Roy Cooper is attorney general for the state of North Carolina.
North Carolina's bold strategy to combat methamphetamine manufacturers is working. As homemade recipes for meth swept across the country from west to east, North Carolina moved to require jail time for manufacturers and became the first state on the East Coast to restrict criminals' access to its ingredients.
Our quick response was needed because the threat was imminent. Between 2001 and 2004, busts of secret meth labs in North Carolina homes, hotel rooms and cars jumped from 34 to 322. At the same time, reports of children poisoned from chemicals and public safety officials injured from lab explosions increased.
Since the new restrictions took effect a year ago, we have seen a 40 percent reduction in meth lab busts. But we still have a battle. A meth addict is uniquely addicted, and the demand is being filled by traffickers who bring in the drug from elsewhere.

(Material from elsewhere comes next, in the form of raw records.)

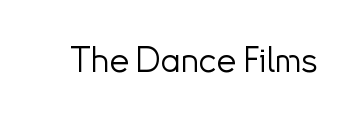
Q: Is the text bold? A: No.
Q: Is the text italic (slanted)? A: No, it is upright.
Q: Is the typeface a serif or a sans-serif typeface? A: Sans-serif.
Q: Is the text underlined? A: No.
Q: Is the spacing between letters normal or unusually wide? A: Normal.
Q: Width (condensed, normal, or wide)? A: Normal.
Q: Stroke contrast? A: Low.
Q: x-height? A: Small.
Q: Monospaced? A: No.
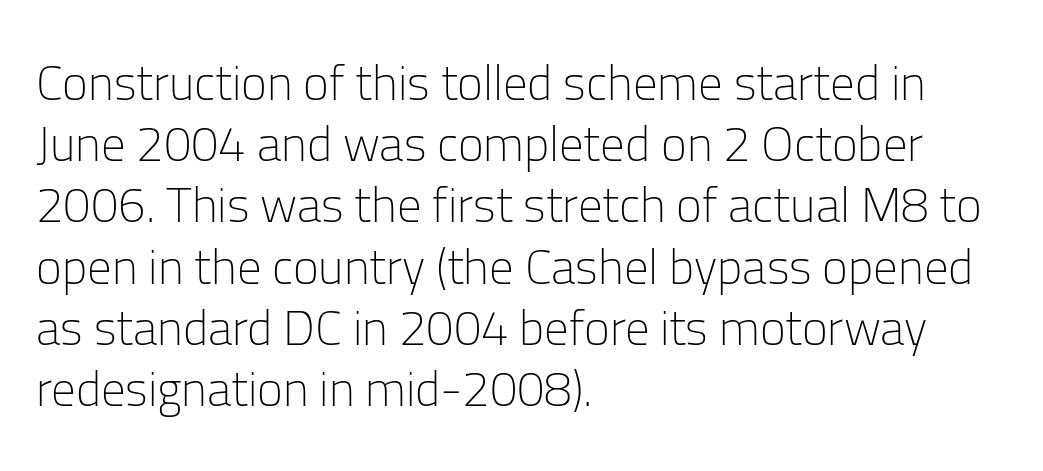
{"serif": "no", "italic": "no", "bold": "no", "weight": "light", "width": "normal", "stroke_contrast": "low", "x_height": "medium", "monospaced": "no", "underline": "no", "align": "left", "line_spacing": "normal", "line_spacing_ratio": 1.25, "letter_spacing": "normal", "letter_spacing_em": 0.0, "glyph_px": 49}
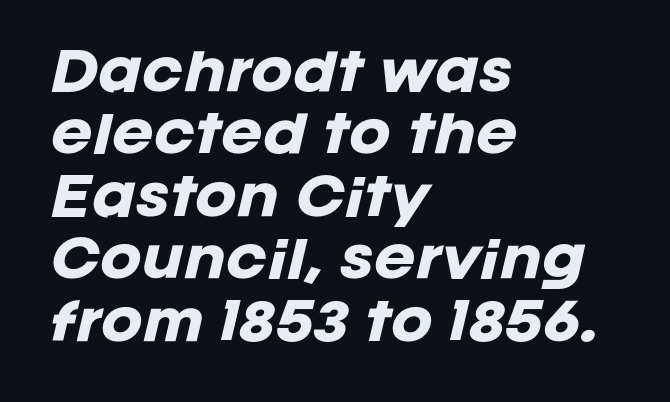
Q: Is the text bold? A: Yes.
Q: Is the text italic (slanted)? A: Yes, it leans right by about 12 degrees.
Q: Is the text underlined? A: No.
Q: How is the paragraph aligned? A: Left-aligned.
Q: Is the spacing between letters normal or unusually wide? A: Normal.
Q: Is the spacing between lines tight, normal or loose? A: Normal.
Q: Width (condensed, normal, or wide)? A: Normal.
Q: Stroke contrast? A: Low.
Q: x-height? A: Large.
Q: Monospaced? A: No.
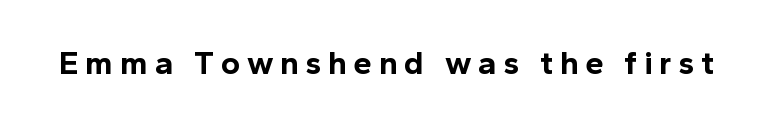
Typesetter's note: full bold, strokes at maximum text heaviness. Underlining? Definitely not there. Check where the strokes stop: nothing finishes them off — pure sans. Someone cranked the tracking dial way up on this one.
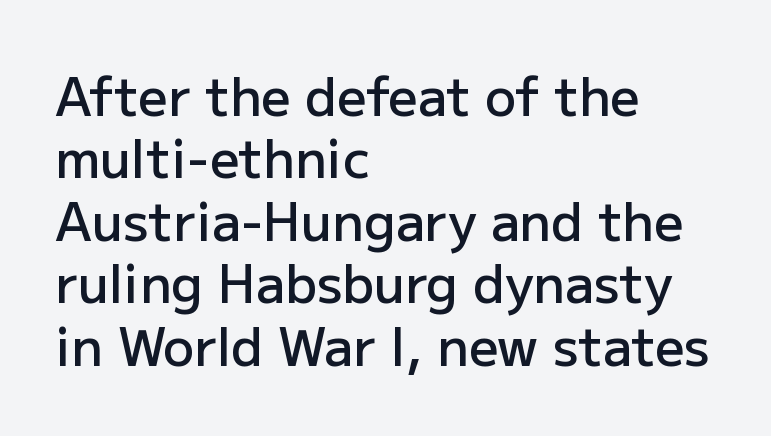
Q: Is the text bold? A: Semi-bold.
Q: Is the text italic (slanted)? A: No, it is upright.
Q: Is the typeface a serif or a sans-serif typeface? A: Sans-serif.
Q: Is the text underlined? A: No.
Q: How is the paragraph aligned? A: Left-aligned.
Q: Is the spacing between letters normal or unusually wide? A: Normal.
Q: Width (condensed, normal, or wide)? A: Normal.
Q: Stroke contrast? A: Low.
Q: x-height? A: Medium.
Q: Monospaced? A: No.
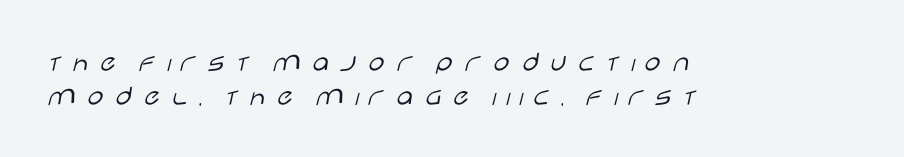
Vertical stems look standard width or narrower in stroke. The zone under the glyphs is completely vacant. Short and long lines alike share a common starting point at left. Letter spacing: wide. Observe the absence of serifs on each vertical stroke in this sample.
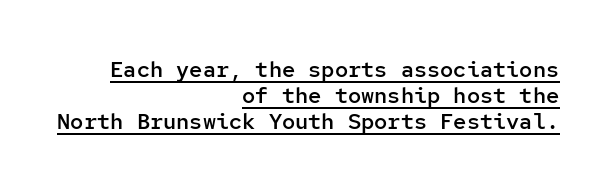
The image shows 22 px text type, upright; set right-aligned, line spacing 1.18x, normal letter spacing, underlined.
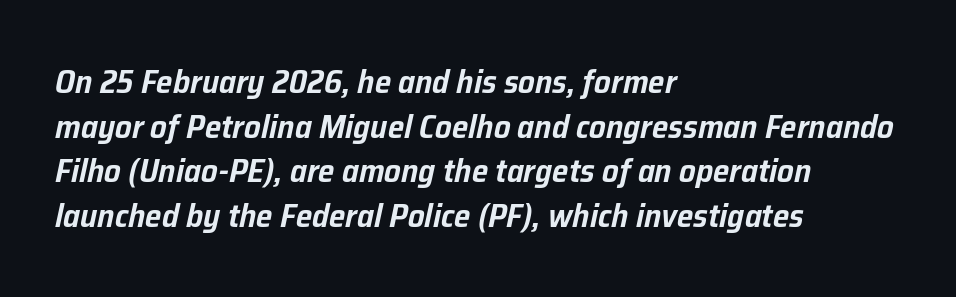
Q: Is the text italic (slanted)? A: Yes, it leans right by about 12 degrees.
Q: Is the text underlined? A: No.
Q: How is the paragraph aligned? A: Left-aligned.
Q: Is the spacing between letters normal or unusually wide? A: Normal.
Q: Is the spacing between lines tight, normal or loose? A: Normal.
Q: Width (condensed, normal, or wide)? A: Normal.
Q: Stroke contrast? A: Low.
Q: x-height? A: Medium.
Q: Monospaced? A: No.
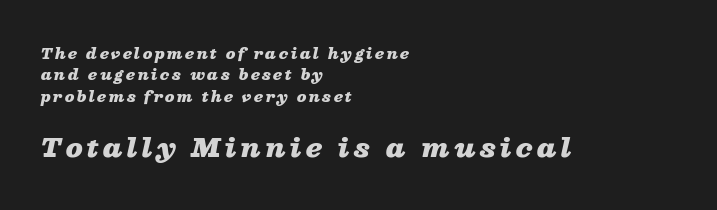
{"italic": "yes", "lean": "right", "slant_degrees": 13, "bold": "yes", "underline": "no", "align": "left", "line_spacing": "normal", "line_spacing_ratio": 1.53, "larger_block": "second", "size_ratio": 1.79, "glyph_px": 25}
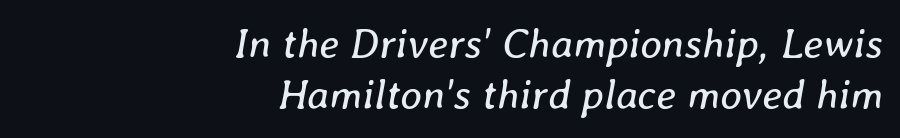
An italicized treatment has been applied to the whole sample. Tracking here is standard; glyphs follow each other at the usual distance. Horizontally, the lines are justified to the trailing edge only. Do the characters align in a grid? No, the font is proportional.
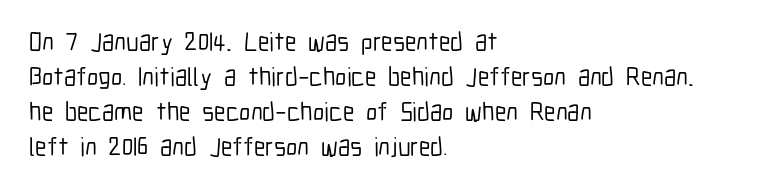
The image shows 26 px text type, upright; set left-aligned, normal line spacing (1.35x), normal letter spacing, not underlined.
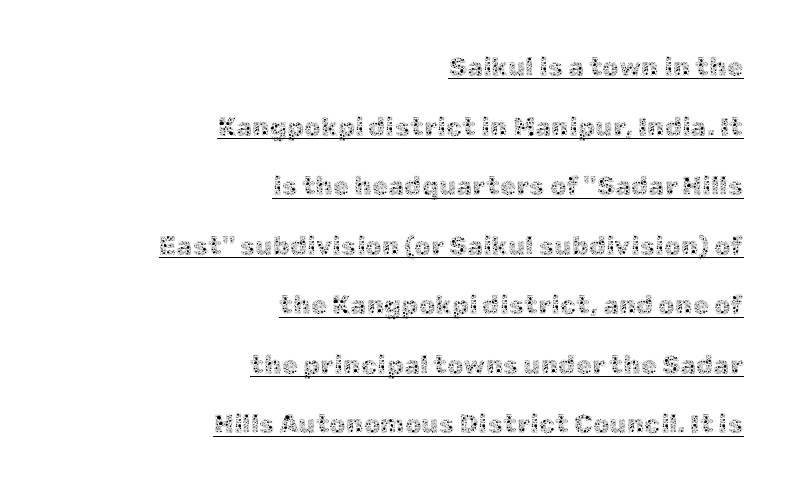
Q: Is the text bold? A: No.
Q: Is the text italic (slanted)? A: No, it is upright.
Q: Is the text underlined? A: Yes.
Q: How is the paragraph aligned? A: Right-aligned.
Q: Is the spacing between letters normal or unusually wide? A: Normal.
Q: Is the spacing between lines tight, normal or loose? A: Loose.
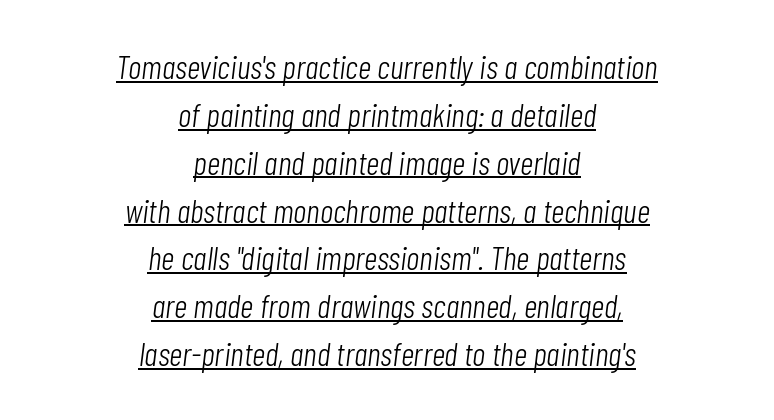
The image shows 33 px light, condensed type, italic (leaning right); set centered, normal line spacing (1.45x), normal letter spacing, underlined; low stroke contrast and a medium x-height.
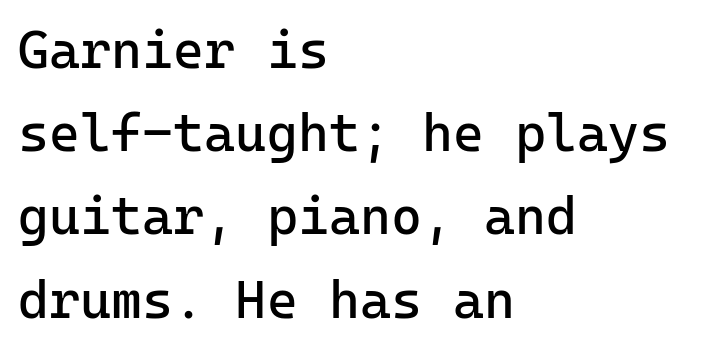
Q: Is the text bold? A: No.
Q: Is the text italic (slanted)? A: No, it is upright.
Q: Is the typeface a serif or a sans-serif typeface? A: Sans-serif.
Q: Is the text underlined? A: No.
Q: How is the paragraph aligned? A: Left-aligned.
Q: Is the spacing between letters normal or unusually wide? A: Normal.
Q: Is the spacing between lines tight, normal or loose? A: Normal.
Q: Width (condensed, normal, or wide)? A: Normal.
Q: Stroke contrast? A: Low.
Q: x-height? A: Medium.
Q: Monospaced? A: Yes.
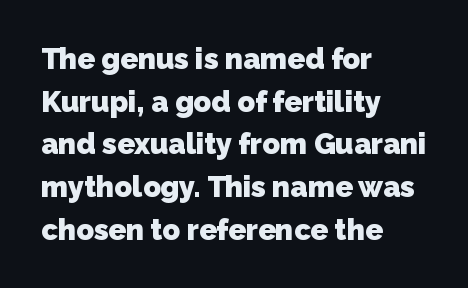
{"serif": "no", "bold": "yes", "weight": "heavy", "width": "normal", "stroke_contrast": "low", "x_height": "medium", "monospaced": "no", "underline": "no", "align": "left", "line_spacing": "normal", "line_spacing_ratio": 1.47, "letter_spacing": "normal", "letter_spacing_em": 0.0, "glyph_px": 29}
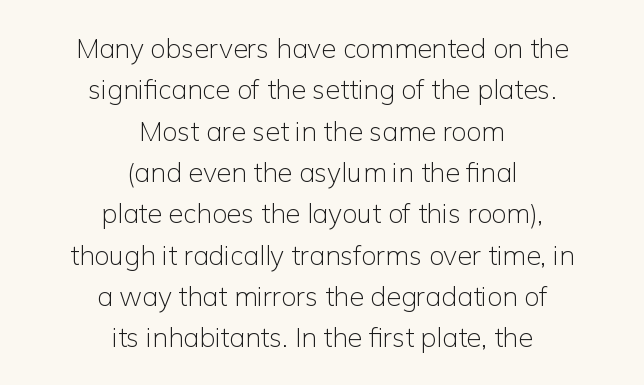
Quick note: not italic, upright. The paragraph has two soft edges and a firm central axis. The zone under the glyphs is completely vacant. Summary of weight: not heavy and not bold. Standard letterfit; no display-style spreading of the glyphs. Leading: standard.
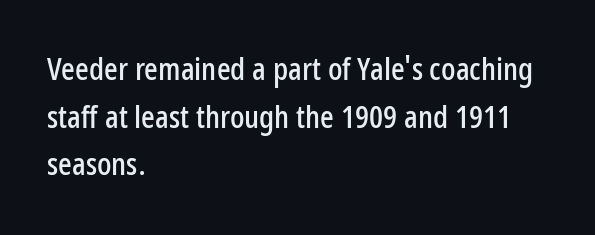
The face used here is proportionally spaced, like ordinary book or web type. Descenders hang freely into open space. There is no visible air inserted between adjacent glyphs. Is the block centered? No — it sits flush against the left margin. Ascenders rise straight up at ninety degrees. How would I describe the line gaps? Plain and ordinary.
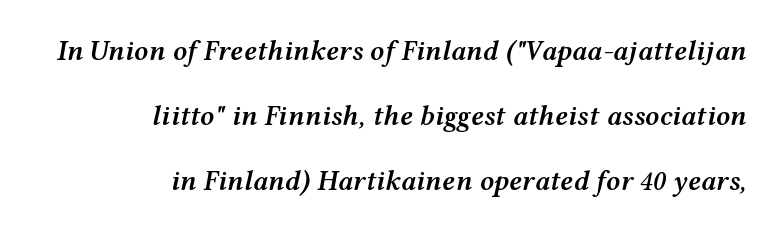
This is oblique type, the kind used for emphasis or titles. Here the glyphs are tracked normally, forming tight word shapes. Airy leading. The rendering uses natural spacing where letterforms have individual widths. Is the type bold? Partly — it's a semibold, heavier than regular but not fully bold. One-word summary of the alignment: right.
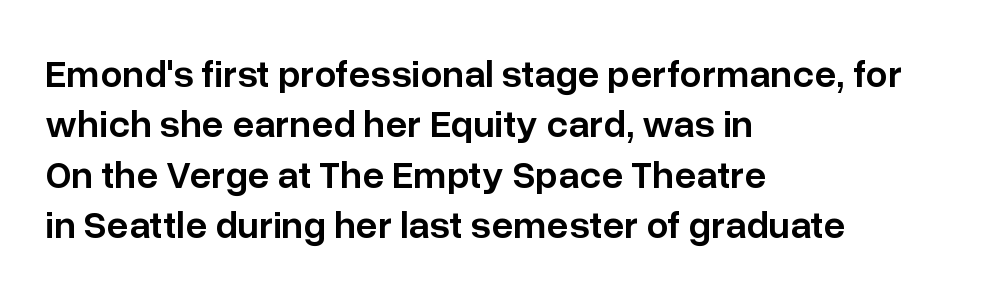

Meth is a problem for all of us because chronic use can lead to irrational, violent behavior as well as to neglect and abuse of the user's children and family.
The stories of children endangered by meth are heartbreaking. One young boy described helping care for his 4-year-old sister, including fixing her cereal for breakfast and bologna sandwiches for lunch, while his parents were high on meth. A 5-year-old said his meth-addicted father sometimes let him shoot at people who were "bothering" his dad. A 2-year-old wound up at a hospital with a caustic chemical burn on his lips and tongue.
These children need help overcoming health and emotional problems. Not only do they face risks from living near meth labs, they are also more likely to become drug dependent themselves.
While our progress against illegal labs is encouraging, meth trafficked into North Carolina from surrounding states and Mexico is a growing concern. Experts at our State Bureau of Investigation and the U.S. Drug Enforcement Administration know that "super-labs," those making 10 pounds of meth or more in a single run, are moving in when home-cooked drugs move out.
We've formed a special unit at the SBI targeted at drug trafficking and related crime. A statewide coordinator works with federal and local officers to identify problem drug dealers and to establish task forces within communities. Our SBI is also developing a database to track traffickers, and we're asking the legislature for more SBI drug agents.
We must enlist communities, both to identify the traffickers and to learn the signs that a friend or relative is using meth. We're developing a guide that will detail the warning signs. We're also working with local law enforcement to ensure that retailers are restricting the purchase of meth ingredients.
The toxic danger of meth labs and trafficking has strained law enforcement, which must contain the dangerous sites, arrest the makers and dealers, and then analyze the evidence to prosecute the case. We are asking the General Assembly to let us open a new crime lab in the Piedmont Triad next year to provide quicker analysis of drug evidence.
Finally, we must take a frank look at how to get users off meth. Experts call it one of the most quickly and thoroughly addicting drugs ever. Its users try it for a quick rush, an appetite suppressant, a boost of energy. Repeated use leaves them brain damaged and addled.
North Carolina has a comprehensive law enforcement strategy but lacks a thorough drug abuse recovery system that will get addicts off drugs, and away from violence, for good. Both are critical to winning this battle.